Isaiah 51:6 includes the following statement: “For the HEAVENS will vanish away like smoke, the EARTH will grow old like a garment, and those who dwell in it will die in like manner.”  A few verses later in Isaiah 51:16 God says: “That I may plant the HEAVENS, lay the foundations of the EARTH, and say to Zion, ‘You are my people.’”    

 

F) In Deuteronomy 32:1, after the formation of Israel, God said: “Give ear, O HEAVENS, and I will speak; hear O EARTH the words of my mouth.” God was not talking to the literal, physical heavens and the earth.
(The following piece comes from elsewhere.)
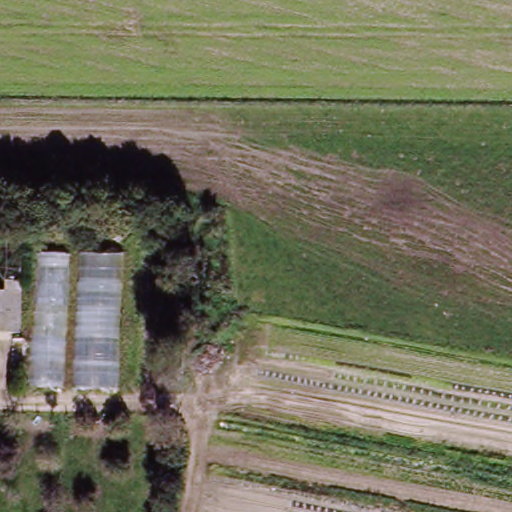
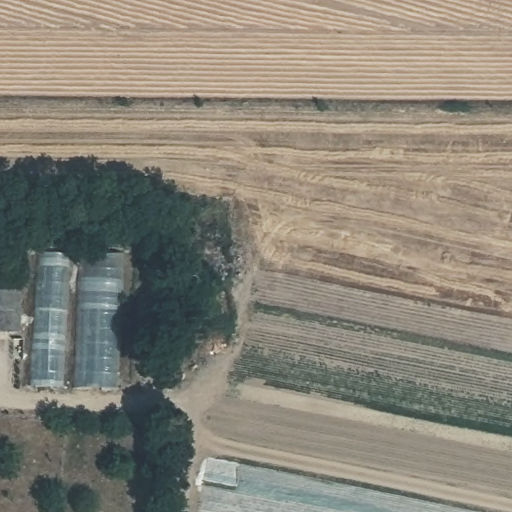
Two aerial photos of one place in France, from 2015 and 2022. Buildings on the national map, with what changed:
unchanged [(70,259),(64,392),(29,390),(35,257),(70,259)]
unchanged [(125,260),(119,392),(73,390),(78,257),(125,260)]
unchanged [(9,286),(24,286),(24,341),(0,341),(0,302),(9,302),(9,286)]

No, He was talking to ISRAEL (see: Deut. 31:30.  Also see: Isa. 1:1-4).  Old Covenant Israel was the epitome of the Old Heavens and Earth animal sacrifice system (instituted back in the Garden of Eden by God).

 

SUMMARY: Our Lord Jesus is not capable of deceiving His people.  He is truth!  He does not lie to them.  He does not give them a promise, knowing that it will not come true.  He promised His disciples and His people that He would come again in their generation.  He would save/rescue the persecuted believers from their persecutors and the coming outpouring of God’s wrath on OC Israel.  He would bring judgment on the Old Covenant Jewish world, remove the obsolete Old Heavens and Earth animal sacrificial system (epitomized in the OC Jewish Temple system), and consummate the eternal New Heavens and Earth and New Covenant everlasting Kingdom (through His blood).

 

The Apostles told the believers again and again that Jesus was coming soon! (1 Cor. 1:6-8; Phil. 1:6; Col. 3:1-4; 1 Thess. 4:15, 17; 1 Tim. 6:14; Heb. 8:13, 9:26-28, 10:25-27, 37; Jam. 5:7-9; 1 Pet. 1:5-7, 10, 12, 20, 4:5, 7, 17; 1 John 2:28).  The first century believers expected Him to come and trusted Him to come and rescue them before the outpouring of God’s wrath on OC Israel (1 Thess. 1:10, 5:9).  This was their blessed hope.  They obeyed His instructions to be prepared.

 

Unfortunately, over the years many Christian leaders have taught that Jesus was really talking about something that would occur 2000 years in the future.  This is in an effort to try and explain why, as they believe, He did not come in the first century.  Even the honorable C.S. Lewis said in 1960: “‘Say what you like,’ we shall be told, ‘the apocalyptic beliefs of the first Christians have been proved to be false.  It is clear from the New Testament that they all expected the Second Coming in their own lifetime.  And worse still, they had a reason, and one which you will find very embarrassing.  Their Master had told them so.  He shared, and indeed created, their delusion.  He (Jesus) said in so many words, ‘this generation shall not pass till all these things be done.’  And he (Jesus) was wrong.  He clearly knew no more about the end of the world than anyone else.’  It is certainly the most embarrassing verse in the Bible.” (Essay “The World’s Last Night” (1960) found in The Essential C.S. Lewis p. 385)

 

Now, this is unacceptable for Christians to have to hold hands with the enemies of Christ, such as Islam, atheists, and other false religions, and to say that Jesus was wrong.  And this is inadvertently what is being done by many churches today just to promote a futurist view of eschatology.  The fact is that the futurists are wrong.  Jesus was right!  He fulfilled all propheciesHe judged and did away with the OC, He rescued His 1st century saints from their persecutors and the coming wrath of God, and He fully consummated His everlasting New Covenant Kingdom in His church, which will last for all generations, forever and ever – Amen! (Eph. 3:21; Gen. 8:21; Isa. 9:7, 45:17; Dan. 2:44, 7:13-14; Eccl. 1:4; Psa. 78:69, 104:5, 119:90; Psa. 148:4, 6; Ezek. 37; Luke 1:32-33; Eph. 2:20-22).